Elon Musk’s empire is taking a reputational nosedive. According to the Axios/Harris Poll 100, Tesla and SpaceX have seen their public perception plunge from the top tier to near-bottom in just a few years. Tesla ranked 8th in 2021 but tumbled to 95th in 2025, while SpaceX fell from 5th to the bottom third. Twitter—now called X—never really had the chance to fall far. It started near rock bottom and stayed there.

So what’s behind the collapse? In short: politics, polarization, and Musk himself. Once seen as a brilliant, eccentric visionary, Musk has morphed into a polarizing figure at the center of America’s culture wars. His close alignment with Trump and conservative causes has fractured his consumer base, with Democrats in particular turning sharply against him. According to Reuters, 58% of Americans now view Musk unfavorably—a shift largely driven by a wave of Democratic disapproval.

This isn’t just a PR headache. It’s affecting the bottom line. Tesla’s Q1 2025 deliveries fell 13% year-over-year, marking its steepest drop in nearly three years. Organized protests in major cities like London and Boston haven’t helped, and the slogans say it all: “Sell your Tesla, dump your stock.” Analysts now predict another down year for Tesla despite price cuts and a refreshed product lineup. Since its late-2024 high, Tesla stock has fallen nearly 45%.

Tesla’s brand image has taken a hit in the ethics department too. It ranked dead last in “character” in the Harris Poll, and also scored poorly on ethics and citizenship. A mix of controversies—from Musk’s offhand Nazi jokes to workplace culture issues and autopilot accidents—has fueled the perception that Tesla isn’t just troubled, but fundamentally out of step with consumer values. The company is pivoting with incentives and a promised $25K EV, but winning back trust may take more than a new model.

SpaceX, on the other hand, is faring better.

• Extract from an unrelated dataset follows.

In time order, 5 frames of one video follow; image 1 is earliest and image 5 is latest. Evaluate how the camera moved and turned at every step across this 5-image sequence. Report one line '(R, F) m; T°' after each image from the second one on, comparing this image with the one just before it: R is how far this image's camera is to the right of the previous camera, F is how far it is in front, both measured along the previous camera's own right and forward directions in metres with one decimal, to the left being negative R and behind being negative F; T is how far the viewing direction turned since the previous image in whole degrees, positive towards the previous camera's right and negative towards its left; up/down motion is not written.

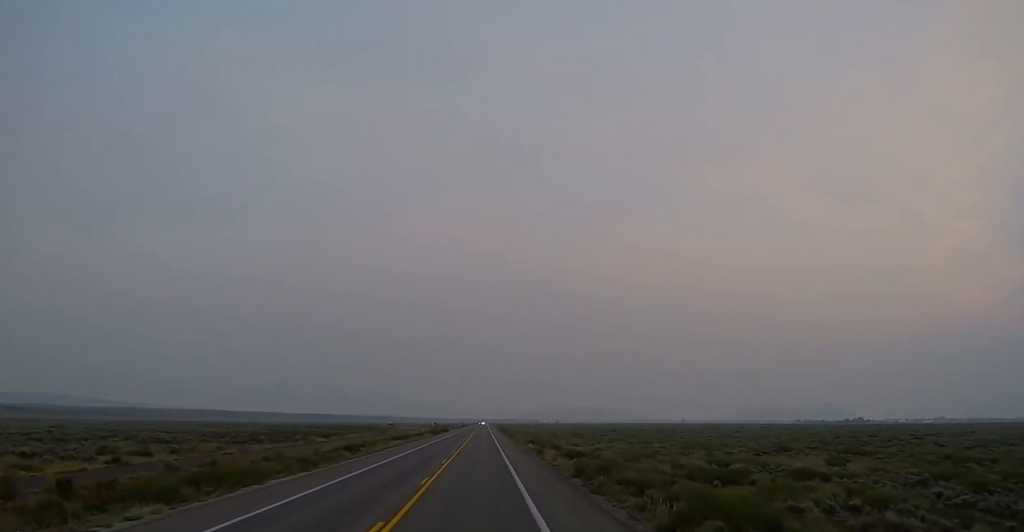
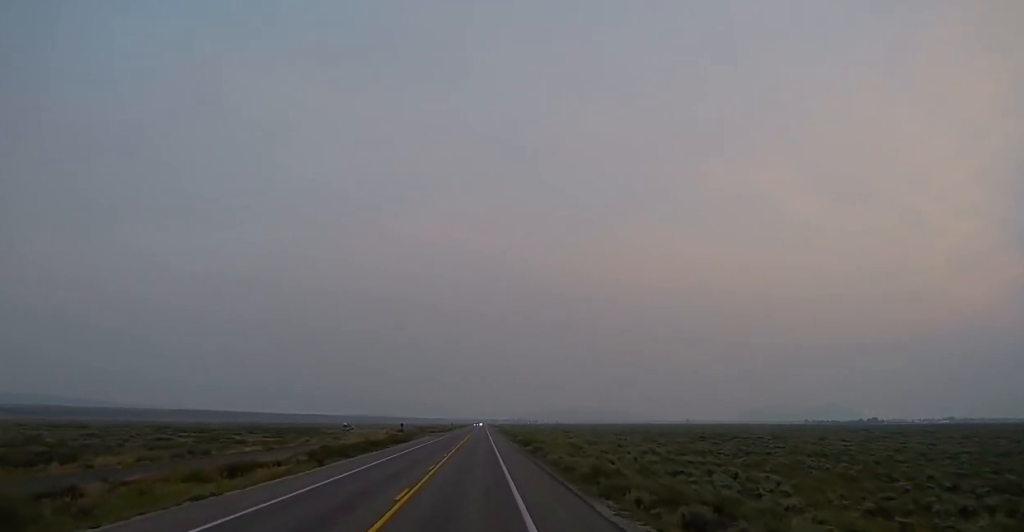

Its reputation has dipped, but financially it’s solid—thanks to major government contracts. With over $13 billion in deals from NASA and a commanding position in the launch market, SpaceX has momentum. Starlink alone is projected to generate $24 billion in revenue by 2030. But politics could still play a role: if Democrats return to power, Musk’s growing involvement in policy could put future contracts under a microscope.

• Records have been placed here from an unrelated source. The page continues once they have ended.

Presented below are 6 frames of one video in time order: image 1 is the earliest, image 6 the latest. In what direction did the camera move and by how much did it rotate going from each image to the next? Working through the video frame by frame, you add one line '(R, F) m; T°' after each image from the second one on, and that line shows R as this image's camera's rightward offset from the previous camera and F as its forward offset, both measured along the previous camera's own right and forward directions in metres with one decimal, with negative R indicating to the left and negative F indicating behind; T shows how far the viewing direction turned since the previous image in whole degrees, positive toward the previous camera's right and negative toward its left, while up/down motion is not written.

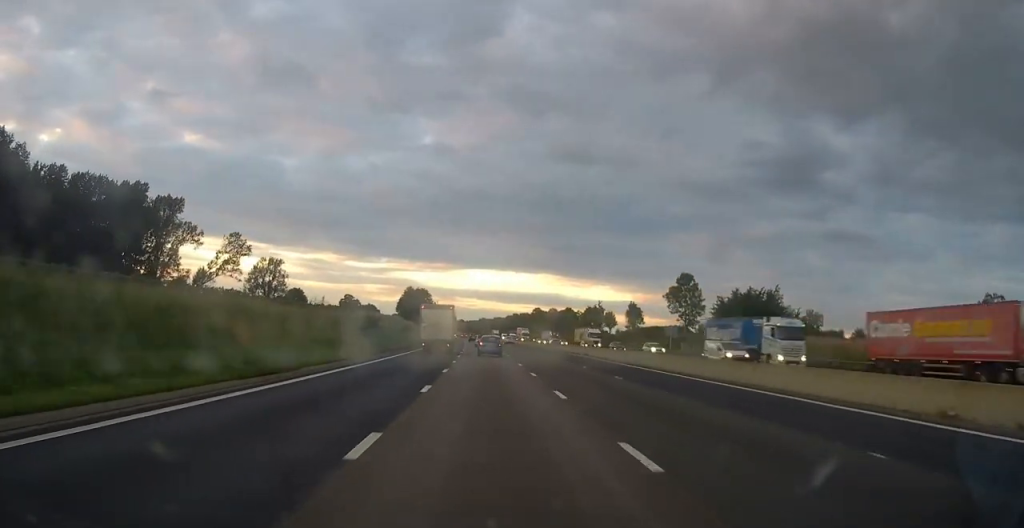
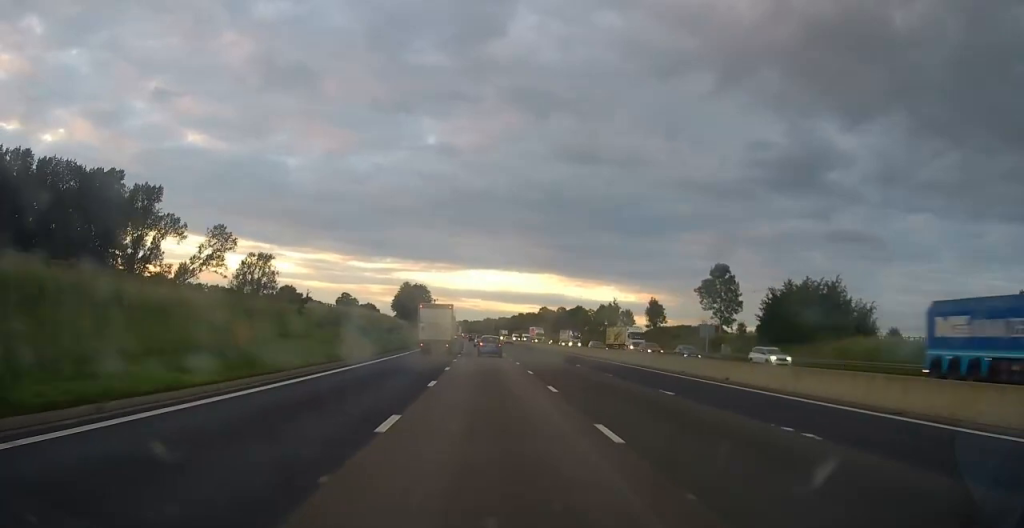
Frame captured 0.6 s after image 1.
(-0.1, +15.7) m; -1°
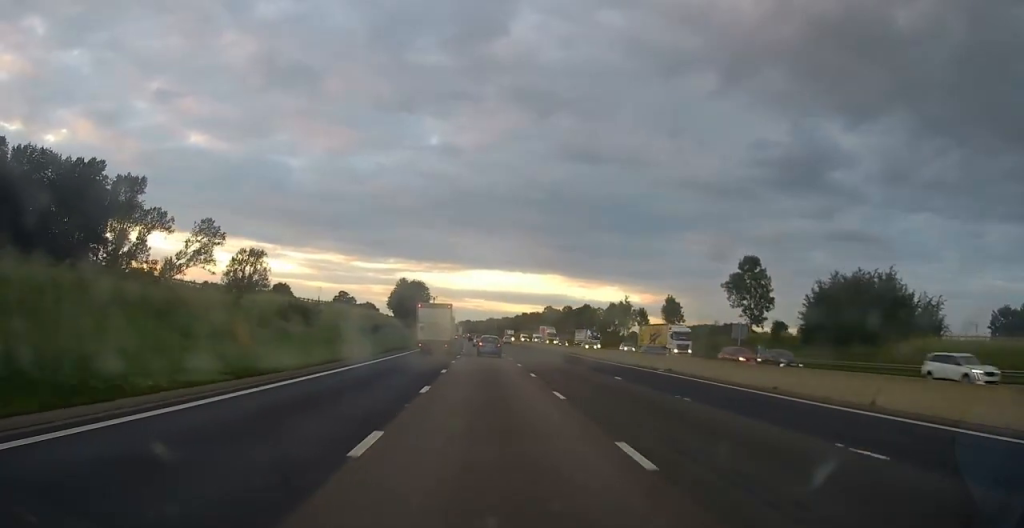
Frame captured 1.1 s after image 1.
(-0.1, +10.7) m; 0°
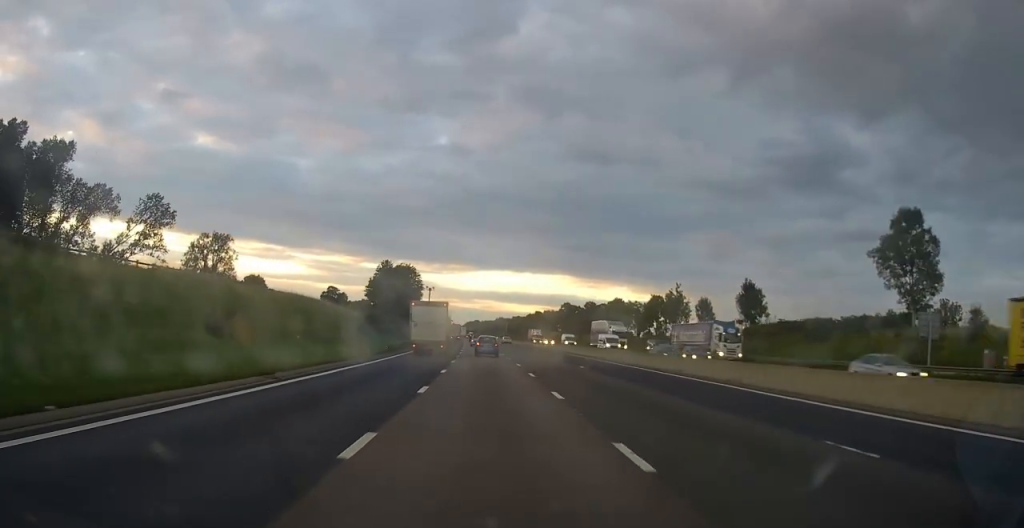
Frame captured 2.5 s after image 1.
(-0.2, +35.5) m; -1°
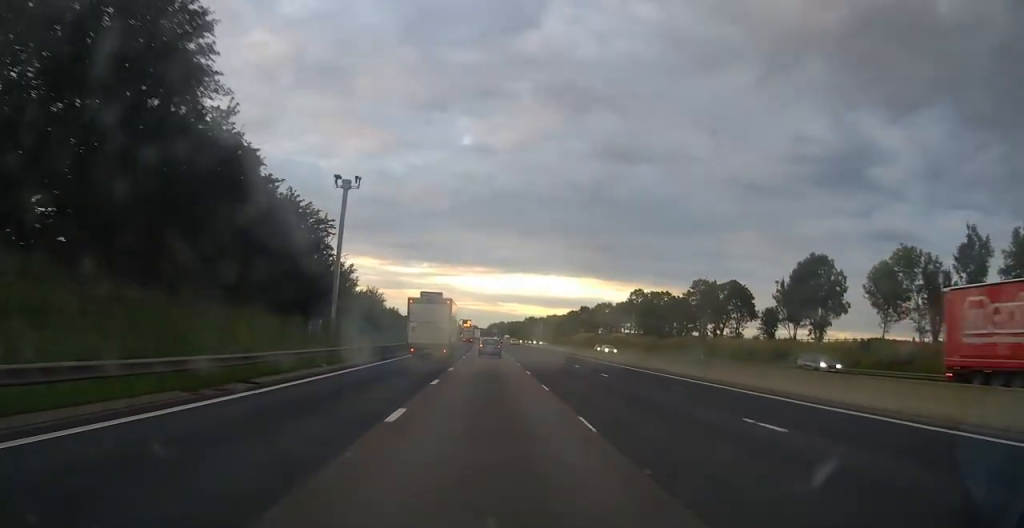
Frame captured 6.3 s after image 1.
(-2.2, +94.4) m; -2°
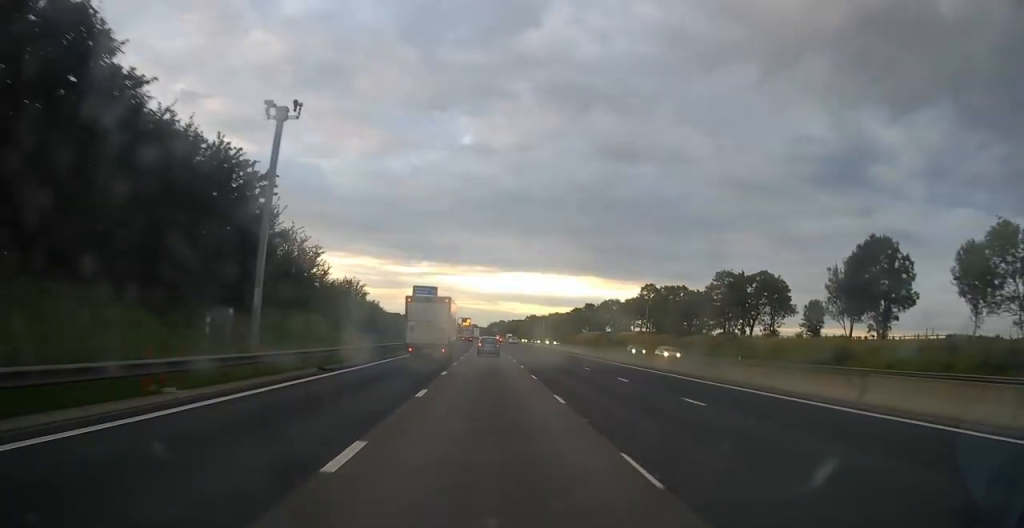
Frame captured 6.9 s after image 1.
(-0.1, +13.0) m; 0°

Despite the noise, SpaceX’s fundamentals are strong. It has a deep lead in launch tech, a vertically integrated model, and international demand. Analysts even suggest it could become more valuable than Tesla in the long run. The brand image matters less here—its customers are governments, not consumers.

Then there’s X. Musk’s rebrand of Twitter has gone from chaotic to costly. After Musk’s 2022 takeover, advertisers pulled back fast, spooked by content moderation rollbacks and Musk’s unpredictable behavior. Since then, ad revenue in the US has fallen more than 55% year-over-year every month. While some advertisers have cautiously returned in 2025, it’s nowhere near the $4.5 billion highs of 2021.

Regulators are now circling. The EU has charged X with violating digital laws and even floated the possibility of banning it outright if moderation doesn’t improve. Musk’s livestreams with far-right figures and conspiracy theory posts haven’t helped rebuild trust. And now, X is officially under xAI. Musk says this move will supercharge his chatbot Grok using X’s data, but critics see it as a pivot toward building a data engine rather than a media platform. Without major advertisers or a strong subscription base, X’s future looks shaky.

Taken together, Musk’s three major companies are navigating choppy waters. Tesla is losing sales and goodwill, SpaceX is cruising but facing long-term political risks, and X is struggling to survive. The common denominator? Elon himself. His political presence may have once been a moat—but today, it looks a lot more like a minefield. Whether he can step back and rebuild trust may be the key to whether these companies bounce back or break down.